Afrika’da Kentleşme
• Nasıl ifade edilirse edilsin, Afrika, kıtalar içerisinde en az
kentleşmiş olandır ancak bu kıtadaki kentlerin büyüme hızı oldukça fazladır ve kentlerin hiyerarşisi hızla gelişmeye devam etmektedir.

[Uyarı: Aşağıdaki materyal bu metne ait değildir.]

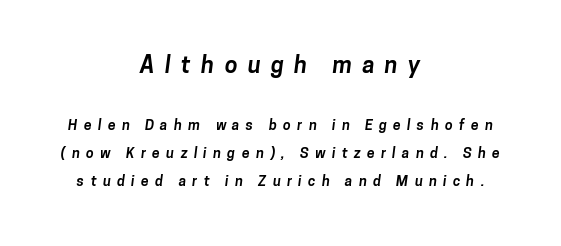
The image shows 23 px bold type; set centered, loose line spacing (2.0x), unusually wide letter spacing (+0.45 em), not underlined; the first (top) block is 1.64x larger.
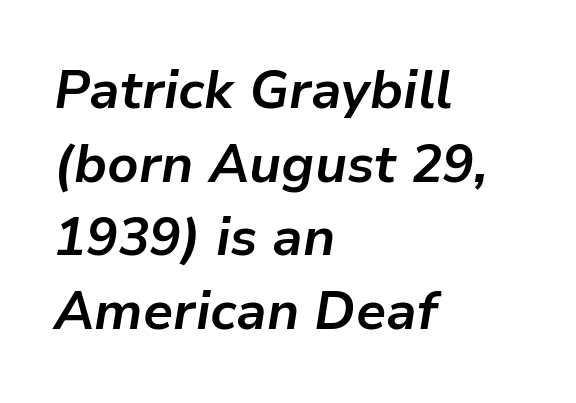
{"italic": "yes", "lean": "right", "slant_degrees": 9, "bold": "yes", "weight": "bold", "width": "normal", "stroke_contrast": "low", "x_height": "medium", "monospaced": "no", "underline": "no", "align": "left", "line_spacing": "normal", "line_spacing_ratio": 1.39, "letter_spacing": "normal", "letter_spacing_em": 0.0, "glyph_px": 53}
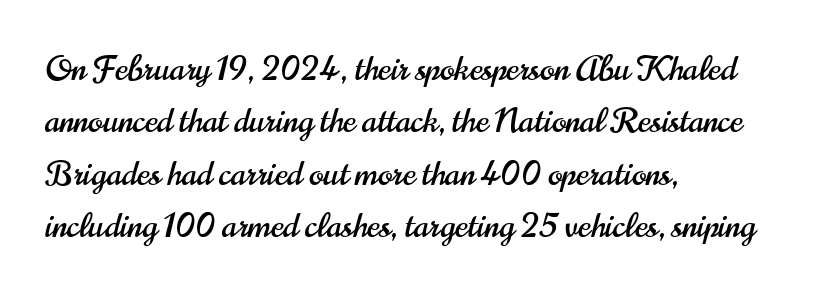
Q: Is the text italic (slanted)? A: Yes.
Q: Is the typeface a serif or a sans-serif typeface? A: Sans-serif.
Q: Is the text underlined? A: No.
Q: How is the paragraph aligned? A: Left-aligned.
Q: Is the spacing between letters normal or unusually wide? A: Normal.
Q: Is the spacing between lines tight, normal or loose? A: Normal.
Q: Width (condensed, normal, or wide)? A: Condensed.
Q: Stroke contrast? A: High.
Q: x-height? A: Small.
Q: Monospaced? A: No.
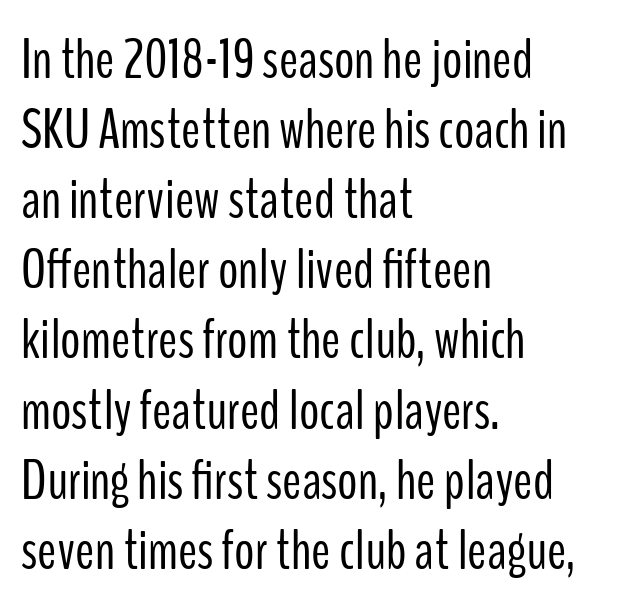
Q: Is the text bold? A: No.
Q: Is the text italic (slanted)? A: No, it is upright.
Q: Is the typeface a serif or a sans-serif typeface? A: Sans-serif.
Q: Is the text underlined? A: No.
Q: How is the paragraph aligned? A: Left-aligned.
Q: Is the spacing between letters normal or unusually wide? A: Normal.
Q: Width (condensed, normal, or wide)? A: Condensed.
Q: Stroke contrast? A: Low.
Q: x-height? A: Medium.
Q: Monospaced? A: No.
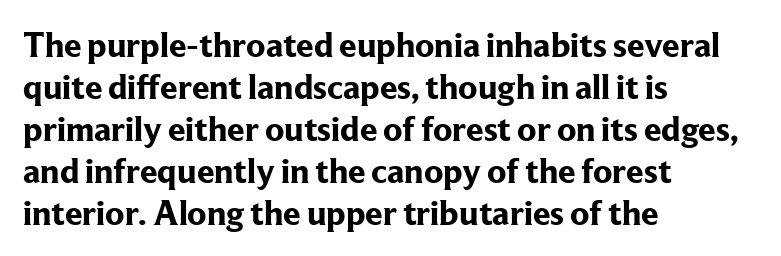
Q: Is the text bold? A: Yes.
Q: Is the text italic (slanted)? A: No, it is upright.
Q: Is the typeface a serif or a sans-serif typeface? A: Serif.
Q: Is the text underlined? A: No.
Q: How is the paragraph aligned? A: Left-aligned.
Q: Is the spacing between letters normal or unusually wide? A: Normal.
Q: Width (condensed, normal, or wide)? A: Normal.
Q: Stroke contrast? A: Low.
Q: x-height? A: Medium.
Q: Monospaced? A: No.
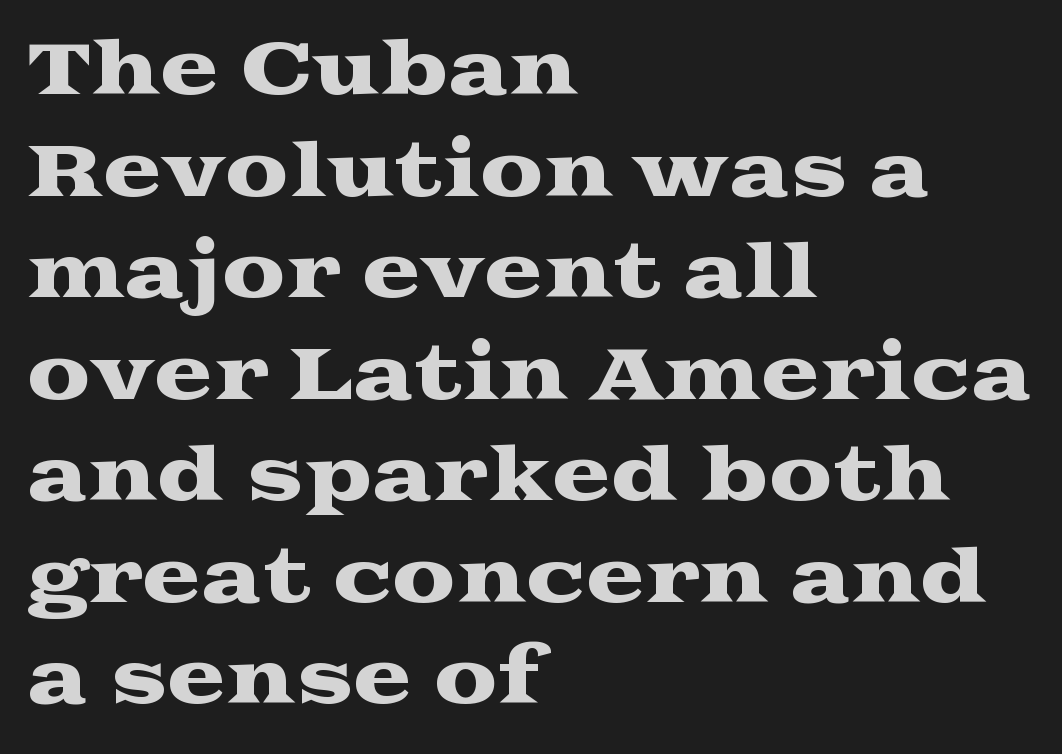
The letters carry serifs — small finishing strokes at the ends of their stems. The ragged edge is on the right, which tells us the setting is flush left. Looks like regular typesetting: each glyph gets only the width it needs. Letter spacing: default. No italicization has been applied; the sample stays upright. Horizontal bands of white between lines are of average thickness.
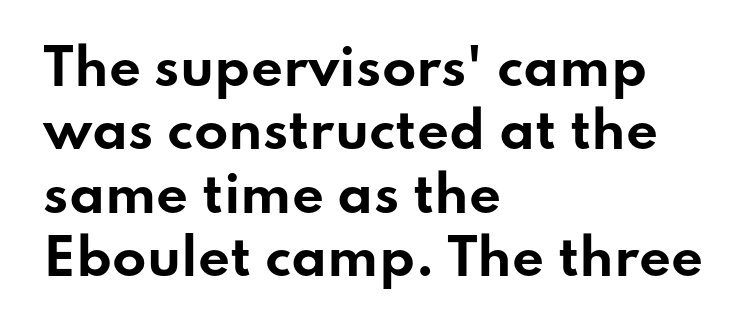
Q: Is the text bold? A: Yes.
Q: Is the text italic (slanted)? A: No, it is upright.
Q: Is the typeface a serif or a sans-serif typeface? A: Sans-serif.
Q: Is the text underlined? A: No.
Q: How is the paragraph aligned? A: Left-aligned.
Q: Is the spacing between letters normal or unusually wide? A: Normal.
Q: Is the spacing between lines tight, normal or loose? A: Normal.
Q: Width (condensed, normal, or wide)? A: Wide.
Q: Stroke contrast? A: Low.
Q: x-height? A: Small.
Q: Monospaced? A: No.
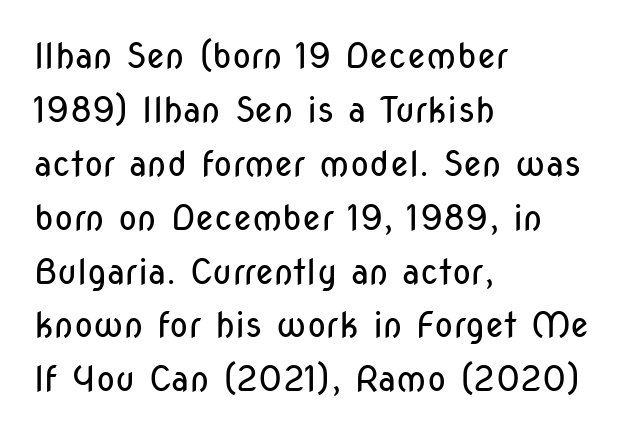
Type style note: lacks serifs. Between one letter and the next there's only the usual sliver of space. This rendering uses left alignment, leaving the right contour irregular. Normally led — the rows are evenly, conventionally spaced. Descenders are the only things crossing below the line.
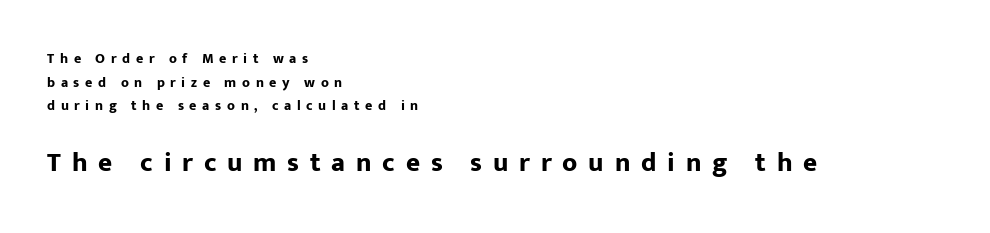
{"italic": "no", "bold": "yes", "underline": "no", "align": "left", "line_spacing": "normal", "line_spacing_ratio": 1.69, "letter_spacing": "wide", "letter_spacing_em": 0.4, "larger_block": "second", "size_ratio": 1.93, "glyph_px": 27}
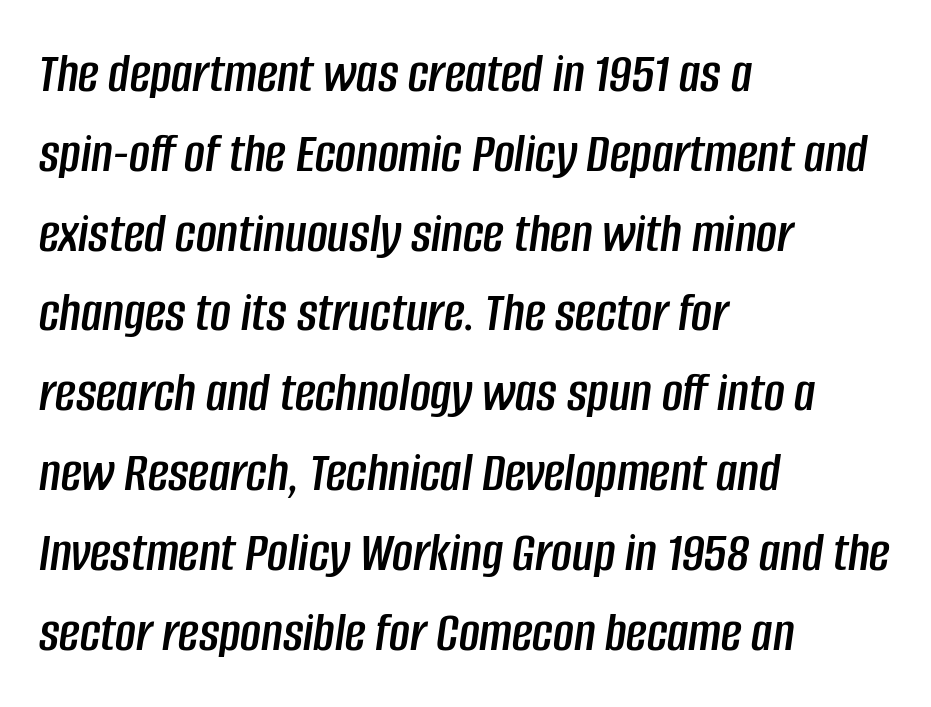
Q: Is the text italic (slanted)? A: Yes, it leans right by about 8 degrees.
Q: Is the text underlined? A: No.
Q: How is the paragraph aligned? A: Left-aligned.
Q: Is the spacing between letters normal or unusually wide? A: Normal.
Q: Is the spacing between lines tight, normal or loose? A: Normal.
Q: Width (condensed, normal, or wide)? A: Condensed.
Q: Stroke contrast? A: Low.
Q: x-height? A: Large.
Q: Monospaced? A: No.
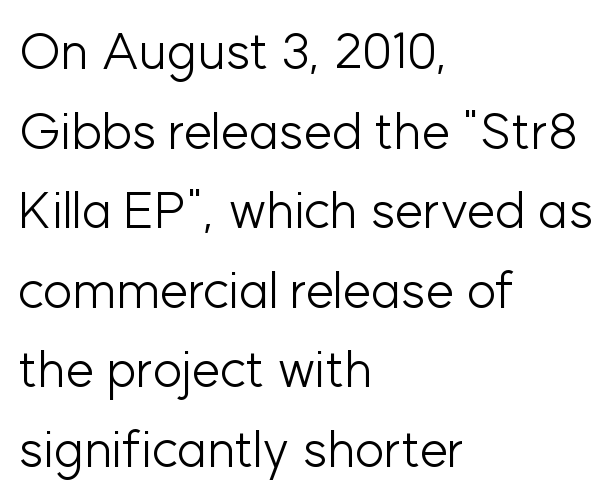
The image shows 51 px light sans-serif type, upright; set left-aligned, normal line spacing (1.56x), normal letter spacing, not underlined; low stroke contrast and a medium x-height.
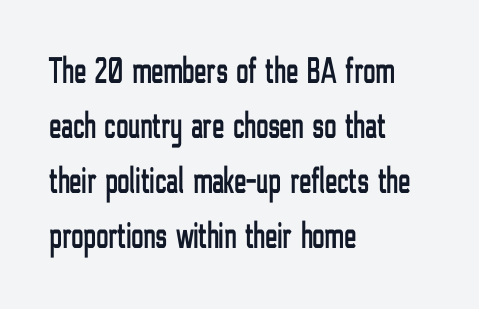
Q: Is the text italic (slanted)? A: No, it is upright.
Q: Is the typeface a serif or a sans-serif typeface? A: Sans-serif.
Q: Is the text underlined? A: No.
Q: How is the paragraph aligned? A: Left-aligned.
Q: Is the spacing between letters normal or unusually wide? A: Normal.
Q: Is the spacing between lines tight, normal or loose? A: Normal.
Q: Width (condensed, normal, or wide)? A: Condensed.
Q: Stroke contrast? A: Low.
Q: x-height? A: Medium.
Q: Monospaced? A: No.
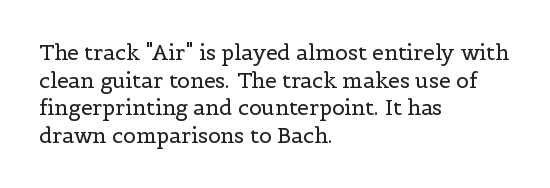
{"italic": "no", "bold": "no", "underline": "no", "align": "left", "line_spacing": "normal", "line_spacing_ratio": 1.31, "letter_spacing": "normal", "letter_spacing_em": 0.0, "glyph_px": 21}
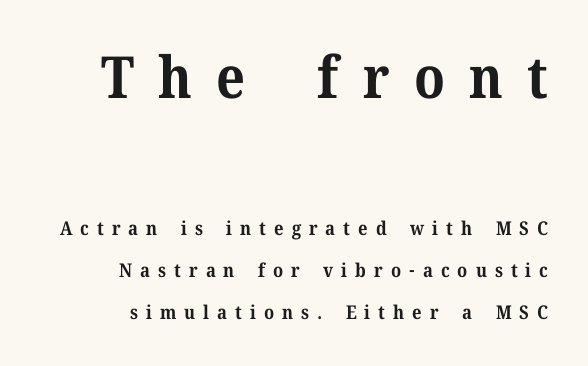
A roman cut, with each character standing at attention. Rule under the text: the space is simply empty. The letters advance in unequal steps, a hallmark of proportional type. Each letter's strokes conclude with small projecting serifs. The space between consecutive lines is lavish.
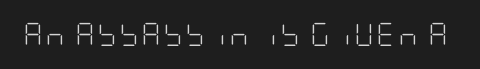
Honestly, there is no underline to notice here at all. This is roman type, the default non-slanted kind. Weight: not bold — regular or lighter.
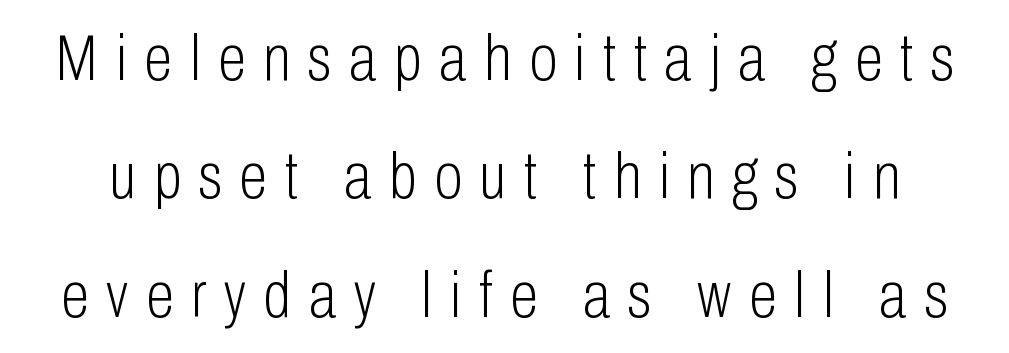
Q: Is the text bold? A: No.
Q: Is the text italic (slanted)? A: No, it is upright.
Q: Is the typeface a serif or a sans-serif typeface? A: Sans-serif.
Q: Is the text underlined? A: No.
Q: Is the spacing between letters normal or unusually wide? A: Unusually wide.
Q: Width (condensed, normal, or wide)? A: Condensed.
Q: Stroke contrast? A: Low.
Q: x-height? A: Medium.
Q: Monospaced? A: No.
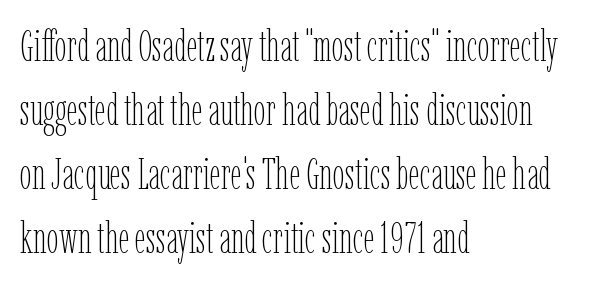
The image shows 43 px thin, condensed type, upright; set left-aligned, normal line spacing (1.49x), normal letter spacing, not underlined; low stroke contrast and a medium x-height.
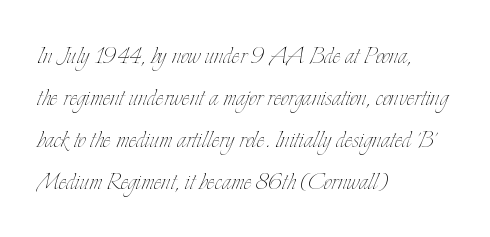
The image shows 30 px thin, condensed type; set left-aligned, normal line spacing (1.4x), normal letter spacing, not underlined; low stroke contrast and a small x-height.
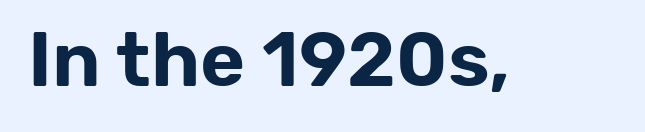
Q: Is the text italic (slanted)? A: No, it is upright.
Q: Is the typeface a serif or a sans-serif typeface? A: Sans-serif.
Q: Is the text underlined? A: No.
Q: Is the spacing between letters normal or unusually wide? A: Normal.
Q: Width (condensed, normal, or wide)? A: Normal.
Q: Stroke contrast? A: Low.
Q: x-height? A: Medium.
Q: Monospaced? A: No.
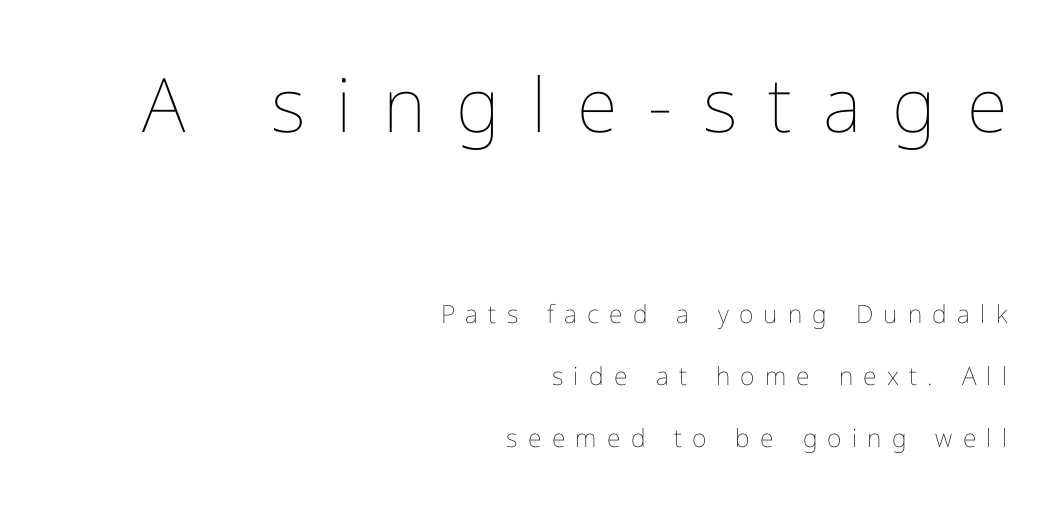
The image shows 75 px thin type, upright; set right-aligned, loose line spacing (2.47x), unusually wide letter spacing (+0.41 em), not underlined; the first (top) block is 3.0x larger; low stroke contrast and a medium x-height.

• Afrikalıların yaşamında kent, önemli bir yere sahipken,
Afrika kentlerin ya da kasabaların değil, köylerin ve diğer kırsal yerleşme tiplerinin yaygınlığı ile karakterize olan bir kıtadır. Birleşmiş Milletlerin kayıtlarına ve yaptığı çalışmalara göre 2003’te Afrika nüfusunun yaklaşık
%40’ı kentlerde yaşamaktadır. Bu oran 1975’te %25, 1960’ta %19 ve 1950’de sadece %15 idi. Bu oranın
2030 yılına gelindiğinde ise % 50 olarak gerçekleşmesi beklenmektedir.
Afrika’da Kentleşme
Güney Afrika, kıtanın en gelişmiş kentsel hiyerarşisine sahip ülke konumundadır fakat nüfusunun sadece %55’i kasabalar ile kentlerde yaşamaktadır. Her bir devletin birbirinden farklı kendi kentsel kümelenme alanlarının olduğu Kuzey Afrika’da kentsel nüfus oranları Mısır’da %43’ten Libya’da %86’ya kadar
çıkmaktadır. Nijerya başta olmak üzere, Batı Afrika’da da pek çok büyükşehir varken yine de baskın ve
ağırlıklı olan nüfus kesimi kırsal olandır (pek çok ülkelerin nüfuslarının üçte birini kentsel olarak kabul ettiği
yerlerde).
Afrika’da Kentleşme
• Afrika’da kentleşme düzeyi en yüksek ülkeler kıyılarda
yer alan Gana (%37), Senegal (%43), Liberya (%45)
iken kentleşme düzeyi düşük olan Burkina Faso (%15), Nijer (%17) ve Çad (%21) iç bölgelerdedir. Bunlardan başka bu oran Etiyopya ve Uganda’da %15; Kongo Demokratik Cumhuriyeti’nde ise %20’dir. Ancak Afrika’da kentleşme düzeyinin en düşük olduğu ülkeler
Rwanda (%5) ve Burundi (%8)’dir. Afrika’da 1976 ve 2002 yılları arasında kentleşmede meydana gelen değişimleri sunmaktadır.
Afrika’da Kentleşme
1950’den 1995’e kadar Afrika’nın kent nüfusu yılda %5 kadar büyümüştür fakat 1995’ten itibaren
yavaşlamıştır. Birleşmiş Milletler Afrika kent nüfusunun yıllık ortalama artış hızını 2030’a gelindiğinde %3 olarak tahmin etmektedir. Doğal artış hızı, ölümlerin (özellikle de bebek ve çocuk ölümlerinin) kentlerde yaşayanlar tarafından daha fazla kontrol altında tutulması
nedeniyle buralarda kırsal bölgelere göre daha yüksek olması ile sonuçlanmaktadır. Üstüne üstlük pek çok
kent bu denli nüfus artış hızını kentsel alanlara yönelik olarak gerçekleşen iç göçlere borçludur.